Brent crude oil futures <LCOc1> were up 65 cents at $72.09 a
barrel by 1118 GMT. U.S. West Texas Intermediate (WTI) crude
futures <CLc1> rose 36 cents to $65.82.
Brent was still heading for a 1-percent decline this week, a
third consecutive weekly drop. WTI, meanwhile, is on track for a
seventh week of losses with a fall of more than 2 percent.
The main drag on prices was the darkening economic outlook on
the back of trade tensions between the United States and China,
and weakening emerging market currencies that are weighing on
growth and fuel consumption, traders and analysts said.
U.S. investment bank Jefferies said on Friday that there was a
"lack of demand" for crude oil and refined products from
emerging markets, while Singaporean bank DBS said that Chinese
data showed a "steady decline" in activity and that "the economy
is facing added headwinds due to rising trade tensions".
Bank MUFG, meanwhile, said that the weakening Turkish lira will
constrain further growth in gasoline and diesel demand this
year.
"Although emerging market contagion and China slowdown fears
seem somewhat overstated, neither fundamental nor sentiment
should provide support for higher commodity prices," Julius Baer
Head of Macro and Commodity Research Norbert Rücker said.
Furthermore, just as demand seems to be slowing, supply looks to
be rising, increasing the drag on markets.
U.S. government data this week showed a large build up in crude
inventories <C-OUT-T-EIA>, with production <C-OUT-T-EIA> also
increasing.
"Investors remain cautious as Wednesday's surprise gain in U.S.

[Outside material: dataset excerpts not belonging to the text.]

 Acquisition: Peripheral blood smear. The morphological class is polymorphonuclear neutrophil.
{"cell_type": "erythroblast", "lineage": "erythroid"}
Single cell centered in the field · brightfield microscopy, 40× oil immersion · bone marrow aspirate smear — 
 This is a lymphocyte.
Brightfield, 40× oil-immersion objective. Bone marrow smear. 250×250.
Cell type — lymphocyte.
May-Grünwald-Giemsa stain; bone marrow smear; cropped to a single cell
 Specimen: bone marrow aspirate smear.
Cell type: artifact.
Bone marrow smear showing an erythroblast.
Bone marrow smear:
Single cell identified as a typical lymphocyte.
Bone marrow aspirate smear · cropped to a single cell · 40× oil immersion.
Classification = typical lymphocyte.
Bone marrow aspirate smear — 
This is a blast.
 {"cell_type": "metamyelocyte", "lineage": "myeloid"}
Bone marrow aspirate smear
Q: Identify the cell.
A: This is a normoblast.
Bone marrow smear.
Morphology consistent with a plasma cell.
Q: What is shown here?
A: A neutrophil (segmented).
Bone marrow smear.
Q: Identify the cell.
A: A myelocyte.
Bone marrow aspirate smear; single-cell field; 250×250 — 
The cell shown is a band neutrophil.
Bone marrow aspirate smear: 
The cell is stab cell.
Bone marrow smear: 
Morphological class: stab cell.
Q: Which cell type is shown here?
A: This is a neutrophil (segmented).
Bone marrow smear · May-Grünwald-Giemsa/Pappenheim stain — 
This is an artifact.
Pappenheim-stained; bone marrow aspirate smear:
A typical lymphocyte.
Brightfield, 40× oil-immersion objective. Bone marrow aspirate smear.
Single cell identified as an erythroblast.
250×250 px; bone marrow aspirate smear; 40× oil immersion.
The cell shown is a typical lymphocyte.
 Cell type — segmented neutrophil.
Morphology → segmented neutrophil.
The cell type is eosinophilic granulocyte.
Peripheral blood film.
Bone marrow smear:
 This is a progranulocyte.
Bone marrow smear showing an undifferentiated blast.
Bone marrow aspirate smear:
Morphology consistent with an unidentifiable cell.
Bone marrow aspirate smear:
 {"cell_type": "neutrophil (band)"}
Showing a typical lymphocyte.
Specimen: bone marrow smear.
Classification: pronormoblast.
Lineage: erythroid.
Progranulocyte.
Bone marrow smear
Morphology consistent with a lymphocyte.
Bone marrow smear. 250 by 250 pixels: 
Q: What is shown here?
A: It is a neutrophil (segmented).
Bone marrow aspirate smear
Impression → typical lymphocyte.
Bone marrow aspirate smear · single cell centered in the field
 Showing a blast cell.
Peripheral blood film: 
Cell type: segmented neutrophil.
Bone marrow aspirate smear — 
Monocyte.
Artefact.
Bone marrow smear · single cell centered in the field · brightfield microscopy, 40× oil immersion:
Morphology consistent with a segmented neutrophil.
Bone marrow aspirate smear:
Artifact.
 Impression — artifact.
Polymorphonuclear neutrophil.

stockpiles remained fresh in their minds," ANZ bank said on
Friday.
A weekly report on U.S. drilling activity is due to be published
later on Friday by energy services firm Baker Hughes.
IRAN SANCTIONS
Despite the bearish factors, analysts said prices were prevented
from falling further because of U.S. sanctions against Iran,
which target the financial sector from August and will include
petroleum exports from November.
"Iranian crude exports were still near 2 million barrels per day
(bpd) in July and will likely begin to fall dramatically in
August with financial sanctions taking effect. With oil export
sanctions now three months out, we expect exports to fall by
more than 500,000 bpd by the end of 3Q," Jefferies said.
(Reporting by Aaron Sheldrick in TOKYO, Henning Gloystein in
SINGAPORE and Dmitry Zhdannikov in MOSCOW; Editing by Louise
Ireland)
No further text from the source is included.